Cognitive-Behavioral Therapy: Overview


Cognitive-behavioral therapy (CBT) was pioneered in the late 1950s as an alternative to psychodynamic therapy. It is a general term for a classification of therapies that emphasize the role of thinking in how we feel and what we do. It is a fairly manualized and technical approach to therapy that is aimed at reducing or suppressing a person’s symptoms as quickly and economically as possible.

There are a variety of approaches (e.g., Rational Emotive Behavior Therapy, Dialectic Behavioral Therapy, Cognitive Therapy, Exposure Therapy, Acceptance and Commitment Therapy) but most are based on the assumption that our thoughts cause our feelings and behaviors, not external things like people, situations, and events. CBT aims to help the client to uncover and alter distortions of thought or perception in order to change their behavior and emotional state.

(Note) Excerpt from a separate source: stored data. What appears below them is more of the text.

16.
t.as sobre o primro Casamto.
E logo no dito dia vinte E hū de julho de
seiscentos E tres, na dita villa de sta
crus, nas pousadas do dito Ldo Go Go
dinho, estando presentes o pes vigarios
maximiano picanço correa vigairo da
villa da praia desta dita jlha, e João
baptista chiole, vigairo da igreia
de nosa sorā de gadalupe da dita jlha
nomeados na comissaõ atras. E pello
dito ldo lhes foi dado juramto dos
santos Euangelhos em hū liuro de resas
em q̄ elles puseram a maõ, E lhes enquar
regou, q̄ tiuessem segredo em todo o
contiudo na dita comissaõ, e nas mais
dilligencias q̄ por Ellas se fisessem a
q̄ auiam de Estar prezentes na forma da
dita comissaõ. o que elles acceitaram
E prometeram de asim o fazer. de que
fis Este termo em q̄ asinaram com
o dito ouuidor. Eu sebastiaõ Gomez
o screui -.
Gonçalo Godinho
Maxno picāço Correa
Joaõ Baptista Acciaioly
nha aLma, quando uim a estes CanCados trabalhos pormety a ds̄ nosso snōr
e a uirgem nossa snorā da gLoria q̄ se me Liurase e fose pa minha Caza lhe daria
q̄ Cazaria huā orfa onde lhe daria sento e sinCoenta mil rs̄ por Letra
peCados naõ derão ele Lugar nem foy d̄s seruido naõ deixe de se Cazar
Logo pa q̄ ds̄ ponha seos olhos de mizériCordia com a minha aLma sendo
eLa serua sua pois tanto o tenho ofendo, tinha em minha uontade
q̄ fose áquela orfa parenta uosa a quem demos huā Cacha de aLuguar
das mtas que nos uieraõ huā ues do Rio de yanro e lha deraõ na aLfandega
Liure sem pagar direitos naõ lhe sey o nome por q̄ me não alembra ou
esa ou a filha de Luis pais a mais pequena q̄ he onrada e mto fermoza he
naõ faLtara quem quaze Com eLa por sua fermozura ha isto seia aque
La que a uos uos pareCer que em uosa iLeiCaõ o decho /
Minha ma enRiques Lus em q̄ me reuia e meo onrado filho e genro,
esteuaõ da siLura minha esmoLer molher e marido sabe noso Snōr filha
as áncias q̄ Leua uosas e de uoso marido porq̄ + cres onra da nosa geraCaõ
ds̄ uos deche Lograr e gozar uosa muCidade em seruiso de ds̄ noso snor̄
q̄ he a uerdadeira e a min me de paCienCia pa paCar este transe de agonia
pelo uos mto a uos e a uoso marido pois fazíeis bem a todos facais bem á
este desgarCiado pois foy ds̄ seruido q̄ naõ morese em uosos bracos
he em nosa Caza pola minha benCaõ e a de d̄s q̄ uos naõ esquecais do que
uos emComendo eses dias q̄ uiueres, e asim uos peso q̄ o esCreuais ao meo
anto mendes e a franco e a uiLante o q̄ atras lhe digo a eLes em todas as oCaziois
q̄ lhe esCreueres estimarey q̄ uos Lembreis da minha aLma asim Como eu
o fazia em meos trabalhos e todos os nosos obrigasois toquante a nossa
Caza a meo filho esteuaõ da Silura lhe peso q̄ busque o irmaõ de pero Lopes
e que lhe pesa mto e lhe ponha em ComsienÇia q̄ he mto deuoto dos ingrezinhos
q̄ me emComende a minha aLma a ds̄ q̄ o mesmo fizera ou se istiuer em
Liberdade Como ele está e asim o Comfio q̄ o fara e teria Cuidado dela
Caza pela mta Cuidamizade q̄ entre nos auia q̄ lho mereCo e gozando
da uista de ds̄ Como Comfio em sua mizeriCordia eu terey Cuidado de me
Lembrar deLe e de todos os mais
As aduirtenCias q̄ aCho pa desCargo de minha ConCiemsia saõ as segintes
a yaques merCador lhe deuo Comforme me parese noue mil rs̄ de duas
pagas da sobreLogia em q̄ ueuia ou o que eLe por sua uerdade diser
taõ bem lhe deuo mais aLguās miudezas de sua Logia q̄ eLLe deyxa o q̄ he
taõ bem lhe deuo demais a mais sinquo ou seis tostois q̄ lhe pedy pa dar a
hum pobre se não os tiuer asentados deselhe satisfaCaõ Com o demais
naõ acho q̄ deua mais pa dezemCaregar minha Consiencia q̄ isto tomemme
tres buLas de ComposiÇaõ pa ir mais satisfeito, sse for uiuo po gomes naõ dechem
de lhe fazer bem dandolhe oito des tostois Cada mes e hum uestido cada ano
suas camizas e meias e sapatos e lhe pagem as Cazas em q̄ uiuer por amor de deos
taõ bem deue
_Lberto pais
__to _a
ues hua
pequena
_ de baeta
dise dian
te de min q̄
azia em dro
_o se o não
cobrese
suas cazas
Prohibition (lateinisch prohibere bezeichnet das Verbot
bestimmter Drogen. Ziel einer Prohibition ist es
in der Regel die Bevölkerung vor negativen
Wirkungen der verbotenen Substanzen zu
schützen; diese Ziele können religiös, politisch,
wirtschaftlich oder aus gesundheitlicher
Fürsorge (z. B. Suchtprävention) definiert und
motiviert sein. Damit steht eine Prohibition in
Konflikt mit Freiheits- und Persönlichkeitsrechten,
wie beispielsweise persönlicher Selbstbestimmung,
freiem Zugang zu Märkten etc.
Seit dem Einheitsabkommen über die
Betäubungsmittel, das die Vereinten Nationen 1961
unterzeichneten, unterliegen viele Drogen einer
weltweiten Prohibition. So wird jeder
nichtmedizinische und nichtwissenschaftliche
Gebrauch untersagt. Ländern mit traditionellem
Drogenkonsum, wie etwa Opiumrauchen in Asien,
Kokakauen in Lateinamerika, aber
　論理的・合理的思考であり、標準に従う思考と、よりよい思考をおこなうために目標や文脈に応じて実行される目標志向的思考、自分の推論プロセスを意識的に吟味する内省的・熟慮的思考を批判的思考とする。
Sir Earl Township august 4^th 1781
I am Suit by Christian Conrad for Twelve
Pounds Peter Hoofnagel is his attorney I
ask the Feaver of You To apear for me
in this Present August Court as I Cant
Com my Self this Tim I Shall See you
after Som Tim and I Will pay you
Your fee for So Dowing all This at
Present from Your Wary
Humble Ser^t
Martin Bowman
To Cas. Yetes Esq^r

CBT is a relatively brief or time-limited treatment. However, to prevent symptoms from returning, the client should continue to practice and develop the skills learned in CBT after the sessions have ended. Although the course of treatment for CBT is briefer, it may take months (or years) of practice to learn to identify, challenge, and reshape one’s negative thoughts.

Research studies indicate that CBT is effective. CBT lends itself to scientific study because it is time-limited and can be focused on specific, circumscribed goals with more readily measured outcomes. In addition, therapist interventions can be more easily standardized compared to psychodynamic therapy. It has been found to be effective for many conditions including the following:
  • depression
  • generalized anxiety disorder
  • social phobia
  • post-traumatic stress disorder (PTSD)
  • panic disorder
  • obsessive-compulsive disorder (OCD)
  • phobias
  • borderline personality disorder
  • addictions
  • insomnia
  • chronic pain
Who is Best Suited for CBT?
CBT is a good choice for people with the following abilities and interests:
  • the capacity for introspection
  • preference for a short-term, directive treatment
  • willingness to make ongoing efforts at self-analysis and at practicing coping skills during and beyond treatment
Click here to read brief clinical examples that help to illustrate CBT.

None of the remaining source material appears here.